(Records from a data collection)
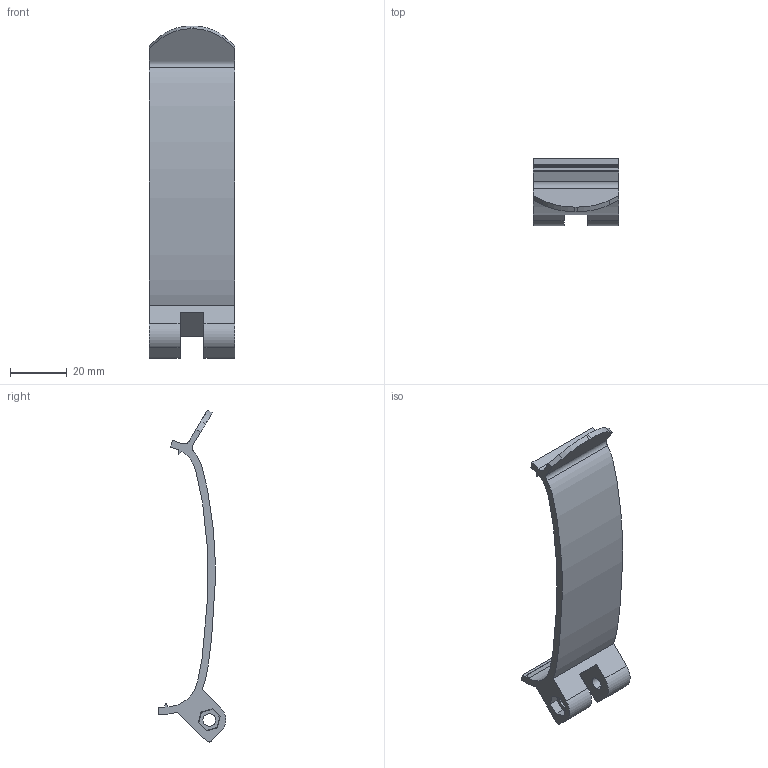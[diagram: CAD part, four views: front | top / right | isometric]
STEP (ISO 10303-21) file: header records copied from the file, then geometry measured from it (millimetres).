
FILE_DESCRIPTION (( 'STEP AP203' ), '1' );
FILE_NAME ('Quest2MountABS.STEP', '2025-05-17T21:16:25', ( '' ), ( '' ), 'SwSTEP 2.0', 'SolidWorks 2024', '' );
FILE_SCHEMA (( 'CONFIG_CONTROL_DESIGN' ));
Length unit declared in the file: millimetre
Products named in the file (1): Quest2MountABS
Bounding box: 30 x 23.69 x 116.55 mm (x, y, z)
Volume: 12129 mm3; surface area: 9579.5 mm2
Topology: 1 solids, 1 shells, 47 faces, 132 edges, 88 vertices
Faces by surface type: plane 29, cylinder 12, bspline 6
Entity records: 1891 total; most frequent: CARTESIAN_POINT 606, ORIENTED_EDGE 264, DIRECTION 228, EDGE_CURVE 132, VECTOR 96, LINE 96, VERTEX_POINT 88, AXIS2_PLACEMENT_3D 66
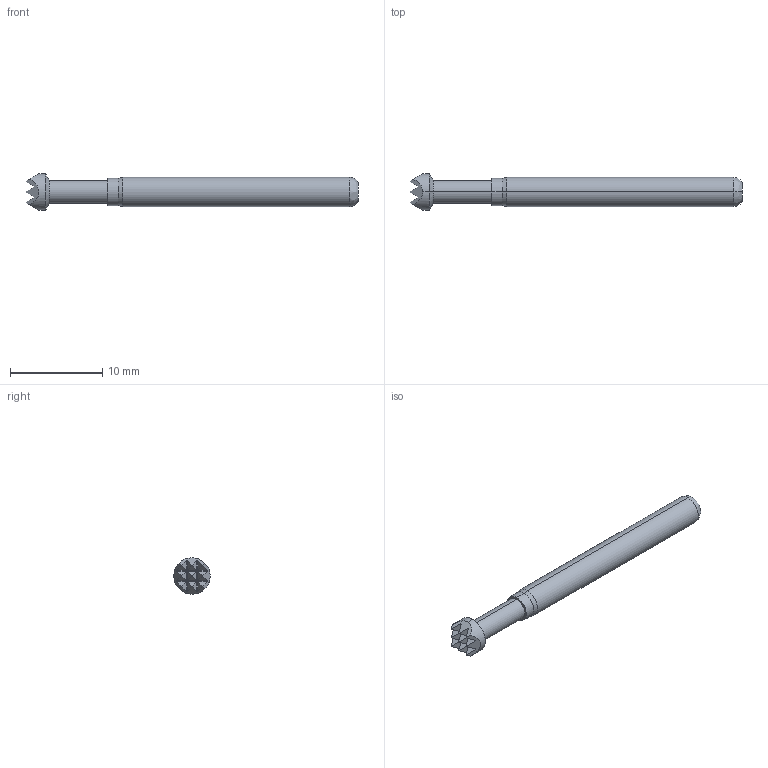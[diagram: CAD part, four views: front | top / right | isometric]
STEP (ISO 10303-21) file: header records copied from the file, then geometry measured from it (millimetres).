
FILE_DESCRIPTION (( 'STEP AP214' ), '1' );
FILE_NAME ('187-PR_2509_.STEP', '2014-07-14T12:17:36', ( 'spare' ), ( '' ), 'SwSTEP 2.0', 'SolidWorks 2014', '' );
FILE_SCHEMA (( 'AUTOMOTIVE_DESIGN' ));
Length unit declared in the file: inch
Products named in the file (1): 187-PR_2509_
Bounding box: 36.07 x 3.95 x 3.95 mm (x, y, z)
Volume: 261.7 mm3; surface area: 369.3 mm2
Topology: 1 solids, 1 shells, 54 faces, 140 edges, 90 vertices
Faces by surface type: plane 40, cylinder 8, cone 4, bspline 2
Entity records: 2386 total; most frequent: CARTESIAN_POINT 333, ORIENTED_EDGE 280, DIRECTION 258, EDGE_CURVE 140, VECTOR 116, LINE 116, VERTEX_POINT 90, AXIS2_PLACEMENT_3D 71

**Task to complete**
From the first line to the last, repeat the records above exactly, leaving out the pictures.

**Response to the exercise**
[diagram: CAD part, four views: front | top / right | isometric]
STEP (ISO 10303-21) file: header records copied from the file, then geometry measured from it (millimetres).
FILE_DESCRIPTION (( 'STEP AP203' ), '1' );
FILE_NAME ('Quest2MountABS.STEP', '2025-05-17T21:16:25', ( '' ), ( '' ), 'SwSTEP 2.0', 'SolidWorks 2024', '' );
FILE_SCHEMA (( 'CONFIG_CONTROL_DESIGN' ));
Length unit declared in the file: millimetre
Products named in the file (1): Quest2MountABS
Bounding box: 30 x 23.69 x 116.55 mm (x, y, z)
Volume: 12129 mm3; surface area: 9579.5 mm2
Topology: 1 solids, 1 shells, 47 faces, 132 edges, 88 vertices
Faces by surface type: plane 29, cylinder 12, bspline 6
Entity records: 1891 total; most frequent: CARTESIAN_POINT 606, ORIENTED_EDGE 264, DIRECTION 228, EDGE_CURVE 132, VECTOR 96, LINE 96, VERTEX_POINT 88, AXIS2_PLACEMENT_3D 66
[diagram: CAD part, four views: front | top / right | isometric]
STEP (ISO 10303-21) file: header records copied from the file, then geometry measured from it (millimetres).
FILE_DESCRIPTION (( 'STEP AP214' ), '1' );
FILE_NAME ('187-PR_2509_.STEP', '2014-07-14T12:17:36', ( 'spare' ), ( '' ), 'SwSTEP 2.0', 'SolidWorks 2014', '' );
FILE_SCHEMA (( 'AUTOMOTIVE_DESIGN' ));
Length unit declared in the file: inch
Products named in the file (1): 187-PR_2509_
Bounding box: 36.07 x 3.95 x 3.95 mm (x, y, z)
Volume: 261.7 mm3; surface area: 369.3 mm2
Topology: 1 solids, 1 shells, 54 faces, 140 edges, 90 vertices
Faces by surface type: plane 40, cylinder 8, cone 4, bspline 2
Entity records: 2386 total; most frequent: CARTESIAN_POINT 333, ORIENTED_EDGE 280, DIRECTION 258, EDGE_CURVE 140, VECTOR 116, LINE 116, VERTEX_POINT 90, AXIS2_PLACEMENT_3D 71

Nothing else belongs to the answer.